If your platform does not have MMAP, then the loop will read the entire
contents of the file into memory and insert them into the tmpbb brigade.
(you won't hit the assert because FILE->read() happens to return blocks of
APR_BUCKET_BUFF_SIZE)). But even worse, some nuances of apr_brigade_write()
will *again* create a bunch of transient buckets. And again, those will die.

Unless I am mistaken in my analysis, this code is simply wrong and should be
backed out.

Further, it is against the spirit of the filter stack. It is explicitly
copying the data, rather than letting it flow down the stack. *Only* if
something down the stack needs to set it aside, should it get copied. In our
example brigade (FILE + EOS), the next filter should get a FILE, which will
(hopefully) travel all the way to the CORE output filter and do a sendfile()
onto the network.

This routine works well for the CORE filter because when it hits that point,
it knows it has a small amount of data and will never trigger the TRANSIENT
bucket creation. It is also doing a *setaside*, so the copy is by-intent.
The subrequest filter isn't trying to do a set aside. It has seen an EOS --
it *knows* the subrequest is complete. You want to get the data into the
right pool; not copy it.

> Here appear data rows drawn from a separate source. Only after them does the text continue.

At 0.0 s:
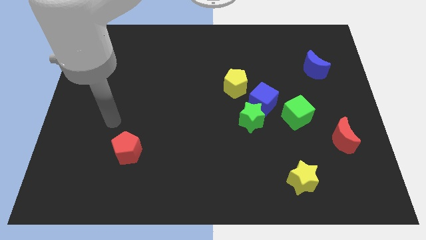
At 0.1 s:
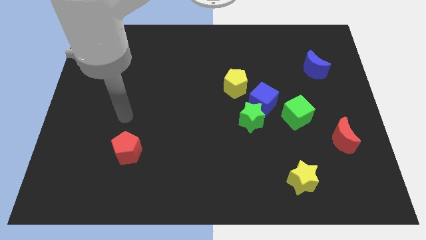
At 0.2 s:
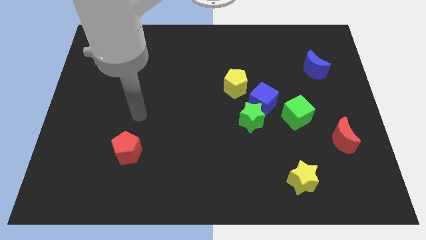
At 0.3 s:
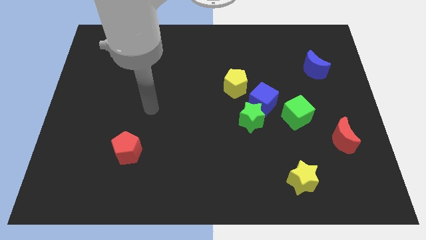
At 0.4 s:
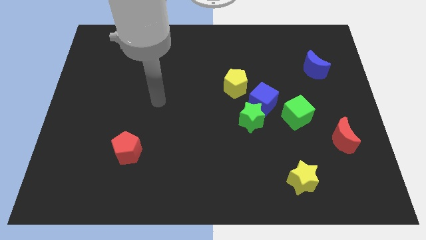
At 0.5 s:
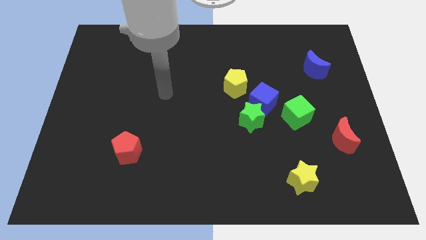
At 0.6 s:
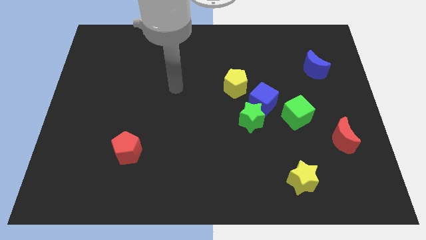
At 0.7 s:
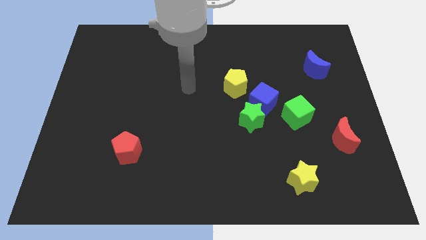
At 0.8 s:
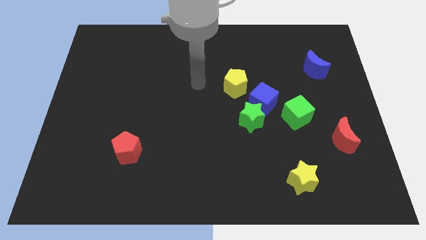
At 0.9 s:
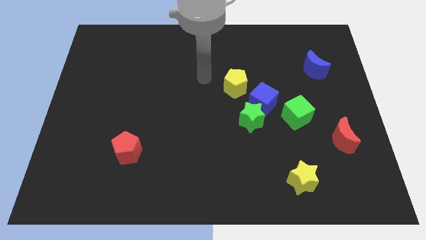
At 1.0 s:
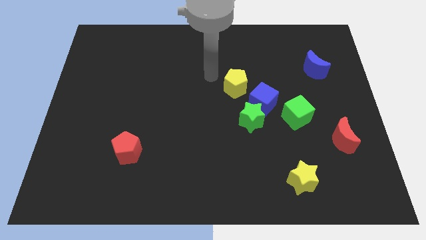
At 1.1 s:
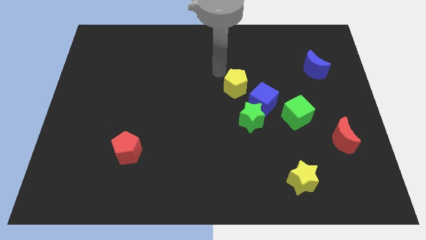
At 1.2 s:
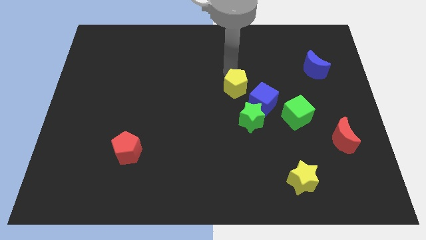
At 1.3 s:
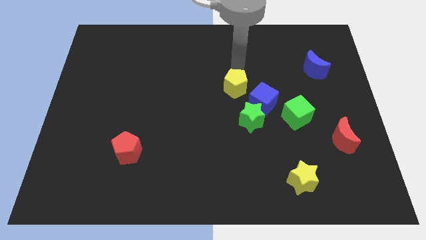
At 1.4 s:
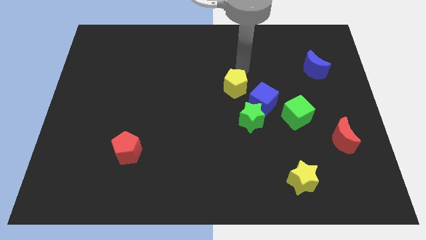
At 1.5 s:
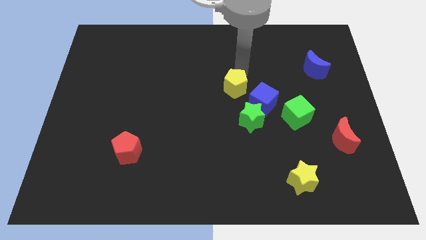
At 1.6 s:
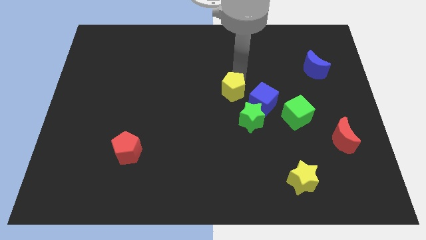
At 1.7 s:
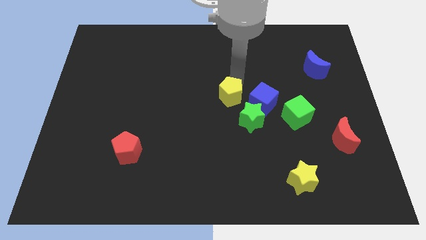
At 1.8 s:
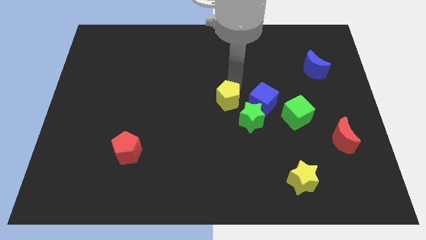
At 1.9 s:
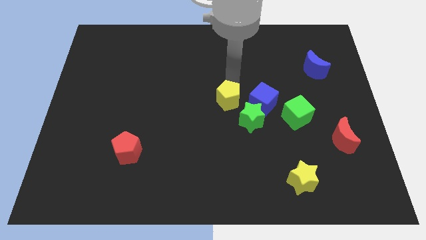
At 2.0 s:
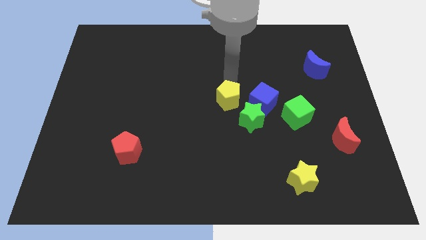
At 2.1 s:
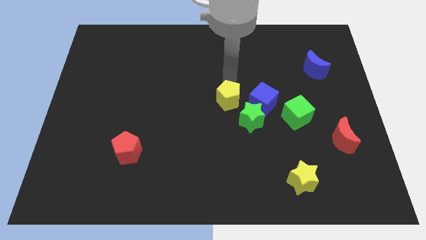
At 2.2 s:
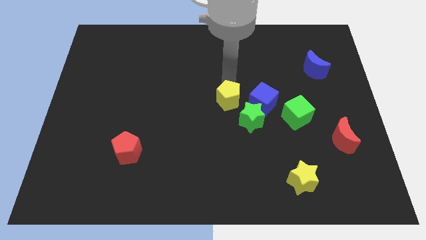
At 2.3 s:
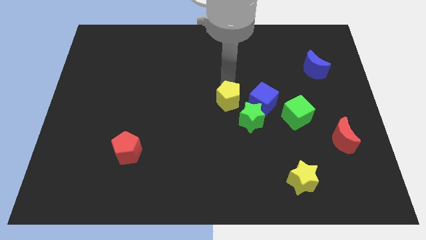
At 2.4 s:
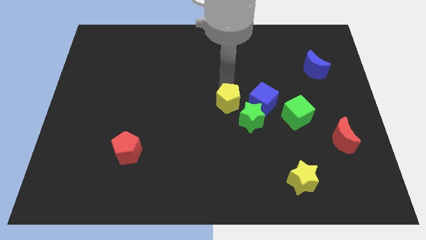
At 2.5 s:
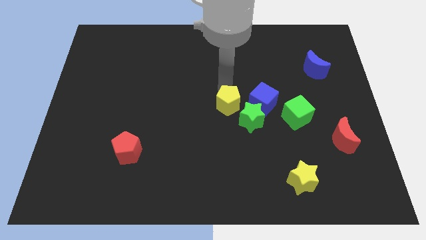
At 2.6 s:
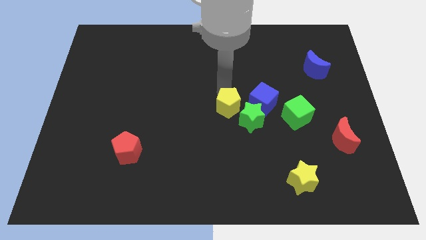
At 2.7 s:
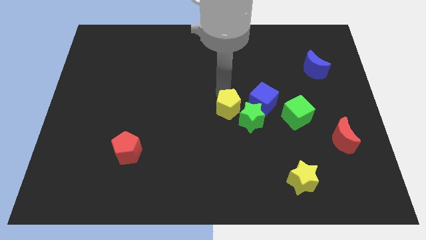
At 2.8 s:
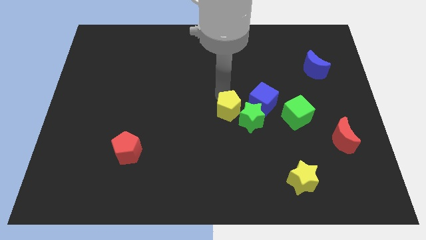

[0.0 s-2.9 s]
slide the yellow pentagon a little bit down

And if you *do* want to copy it, then the patch
below isn't going to do.

So... please explain if my analysis was wrong, or please back out (I can
also back it out, too, if you agree).

Cheers,
-g

On Thu, Jun 07, 2001 at 01:24:44AM -0000, trawick@apache.org wrote:
> trawick     01/06/06 18:24:44
> 
>   Modified:    server   request.c
>   Log:
>   implement Ryan's suggested fix for buckets associated with a subrequest
>   having private data in the wrong (i.e., subrequest) pool, leading to
>   a segfault later in processing the main request
>   
>   in the patch posted on new-httpd, the temporary brigade was allocated from
>   the connection pool; the committed code allocates the brigade from the
>   main-request pool, as suggested by Ian Holsman
>   
>   Revision  Changes    Path
>   1.5       +33 -0     httpd-2.0/server/request.c
>   
>   Index: request.c
>   ===================================================================
>   RCS file: /home/cvs/httpd-2.0/server/request.c,v
>   retrieving revision 1.4
>   retrieving revision 1.5
>   diff -u -r1.4 -r1.5
>   --- request.c	2001/06/06 12:51:21	1.4
>   +++ request.c	2001/06/07 01:24:44	1.5
>   @@ -808,7 +808,40 @@
>        apr_bucket *e = APR_BRIGADE_LAST(bb);
>    
>        if (APR_BUCKET_IS_EOS(e)) {
>   +        apr_bucket_brigade *tmpbb;
>   +
>            apr_bucket_delete(e);
>   +
>   +        if (!APR_BRIGADE_EMPTY(bb)) { /* avoid brigade create/destroy */
>   +
>   +            /* We need to be certain that any data in a bucket is valid
>   +             * after the subrequest pool is cleared.
>   +             */ 
>   +            tmpbb = apr_brigade_create(f->r->main->pool);
>   +            
>   +            APR_BRIGADE_FOREACH(e, bb) {
>   +                const char *str;
>   +                apr_size_t n;
>   +                apr_status_t rv;
>   +                
>   +                rv = apr_bucket_read(e, &str, &n, APR_BLOCK_READ);
>   +                /* XXX handle rv! */
>   +                
>   +                /* This apr_brigade_write does not use a flush function
>   +                   because we assume that we will not write enough data
>   +                   into it to cause a flush. However, if we *do* write
>   +                   "too much", then we could end up with transient
>   +                   buckets which would suck. This works for now, but is
>   +                   a bit shaky if changes are made to some of the
>   +                   buffering sizes. Let's do an assert to prevent
>   +                   potential future problems... */
>   +                AP_DEBUG_ASSERT(AP_MIN_BYTES_TO_WRITE <=
>   +                                APR_BUCKET_BUFF_SIZE);
>   +                apr_brigade_write(tmpbb, NULL, NULL, str, n);
>   +            }
>   +            apr_brigade_destroy(bb);
>   +            bb = tmpbb;
>   +        }
>        }
>        return ap_pass_brigade(f->next, bb);
>    }
>   
>   
>   

-- 
Greg Stein, http://www.lyra.org/

Re: cvs commit: httpd-2.0/server request.c

Posted by Greg Stein <gs...@lyra.org>.
On Wed, Jun 06, 2001 at 10:58:25PM -0400, Jeff Trawick wrote:
> Greg Stein <gs...@lyra.org> writes:
>...
> > If your platform has MMAP, then the file bucket will be transformed into an
> > MMAP bucket and the read() will return the entire file contents. Then, for a
> > Debug build, you'll crap out at the assert. In a non-debug build, you'll end
> > up creating a TRANSIENT bucket in tmpbb which then becomes bogus when you
> > apr_destroy_brigade(bb).
> 
> The assert never fails, debug or not...  I've been through that loop :)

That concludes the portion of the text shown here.